Dataset excerpts
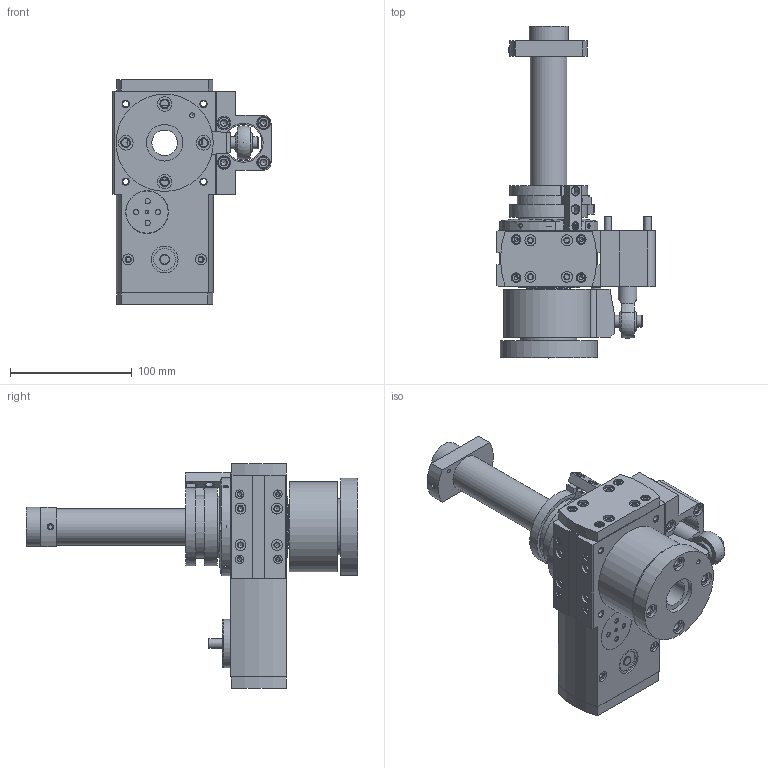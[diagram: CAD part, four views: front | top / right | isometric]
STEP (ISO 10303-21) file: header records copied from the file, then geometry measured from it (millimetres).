
FILE_DESCRIPTION(/* description */ ('STEP AP214'),/* implementation_level */ '2;1');
FILE_NAME(/* name */ '1095933_EHMB-25-100',/* time_stamp */ '2024-08-20T23:49:45+02:00',/* author */ ('License CC BY-ND 4.0'),/* organization */ ('CADENAS'),/* preprocessor_version */ 'ST-DEVELOPER v19.3',/* originating_system */ 'PARTsolutions',/* authorisation */ ' ');
FILE_SCHEMA (('AUTOMOTIVE_DESIGN {1 0 10303 214 3 1 1}'));
Length unit declared in the file: millimetre
Products named in the file (20): 1095933 EHMB-25-100---(0 0); 1020674 EHMB-25; EHMB-25 100---(0); 1095933 EHMB-25-100_(guide); 1095494 EHMB-25; 9261 SGS-M10x1,25---(S_0_0_0); 1093840 EHMB-25; DIN-915 - M3x6(F); 723715 ERMB-25; ISO-4762 M4x12; 4953306 EHMB-25; ISO-4762 M4x20; 4884990 EHMB-25; ISO-4762 M6x50; 1074057 EHMB-25; ISO-4762 M4x10; 1094082 EHMB-25; ISO-4762 M3x10; 552707ERMB-25---(W); 8146544 ZBH-7-B
Assembly tree (34 placements, depth 2):
  1095933 EHMB-25-100---(0 0)
    1020674 EHMB-25
    EHMB-25 100---(0)
    1095933 EHMB-25-100_(guide)
    1095494 EHMB-25
    9261 SGS-M10x1,25---(S_0_0_0)
    1093840 EHMB-25  x2
    DIN-915 - M3x6(F)  x2
    723715 ERMB-25
    ISO-4762 M4x12  x4
    4953306 EHMB-25
    ISO-4762 M4x20  x4
    4884990 EHMB-25
    ISO-4762 M6x50  x4
    1074057 EHMB-25
    ISO-4762 M4x10  x4
    1094082 EHMB-25
    ISO-4762 M3x10
    552707ERMB-25---(W)
    8146544 ZBH-7-B  x2
Bounding box: 130 x 273 x 185 mm (x, y, z)
Volume: 930076.2 mm3; surface area: 282215.2 mm2
Topology: 34 solids, 34 shells, 1263 faces, 2933 edges, 1860 vertices
Faces by surface type: plane 592, cone 327, cylinder 322, torus 18, sphere 4
Full cylindrical faces by diameter (mm): 2 x2, 2.459 x8, 2.5 x4, 3 x3, 3.242 x22, 3.4 x3, 4 x13, 4.1 x8, 4.134 x18, 4.3 x4, 4.5 x12, 4.917 x8, 5 x6, 5.5 x5, 6 x4, 6.5 x3, 6.6 x4, 6.647 x4, 6.917 x2, 7 x30, 8 x22, 8.647 x1, 8.7 x1, 9 x18, 10 x10, 11 x4, 12 x5, 14.52 x1, 15.352 x1, 18 x1
Entity records: 23952 total; most frequent: DIRECTION 4011, CARTESIAN_POINT 3909, ORIENTED_EDGE 2936, AXIS2_PLACEMENT_3D 1698, FACE_BOUND 1606, EDGE_LOOP 1558, EDGE_CURVE 1468, VERTEX_POINT 1208

**Task directions:** Set down, exactly as they appear, the line holding "Faces by surface" and every line after it until the records end.

**Result of this task:**
Faces by surface type: plane 592, cone 327, cylinder 322, torus 18, sphere 4
Full cylindrical faces by diameter (mm): 2 x2, 2.459 x8, 2.5 x4, 3 x3, 3.242 x22, 3.4 x3, 4 x13, 4.1 x8, 4.134 x18, 4.3 x4, 4.5 x12, 4.917 x8, 5 x6, 5.5 x5, 6 x4, 6.5 x3, 6.6 x4, 6.647 x4, 6.917 x2, 7 x30, 8 x22, 8.647 x1, 8.7 x1, 9 x18, 10 x10, 11 x4, 12 x5, 14.52 x1, 15.352 x1, 18 x1
Entity records: 23952 total; most frequent: DIRECTION 4011, CARTESIAN_POINT 3909, ORIENTED_EDGE 2936, AXIS2_PLACEMENT_3D 1698, FACE_BOUND 1606, EDGE_LOOP 1558, EDGE_CURVE 1468, VERTEX_POINT 1208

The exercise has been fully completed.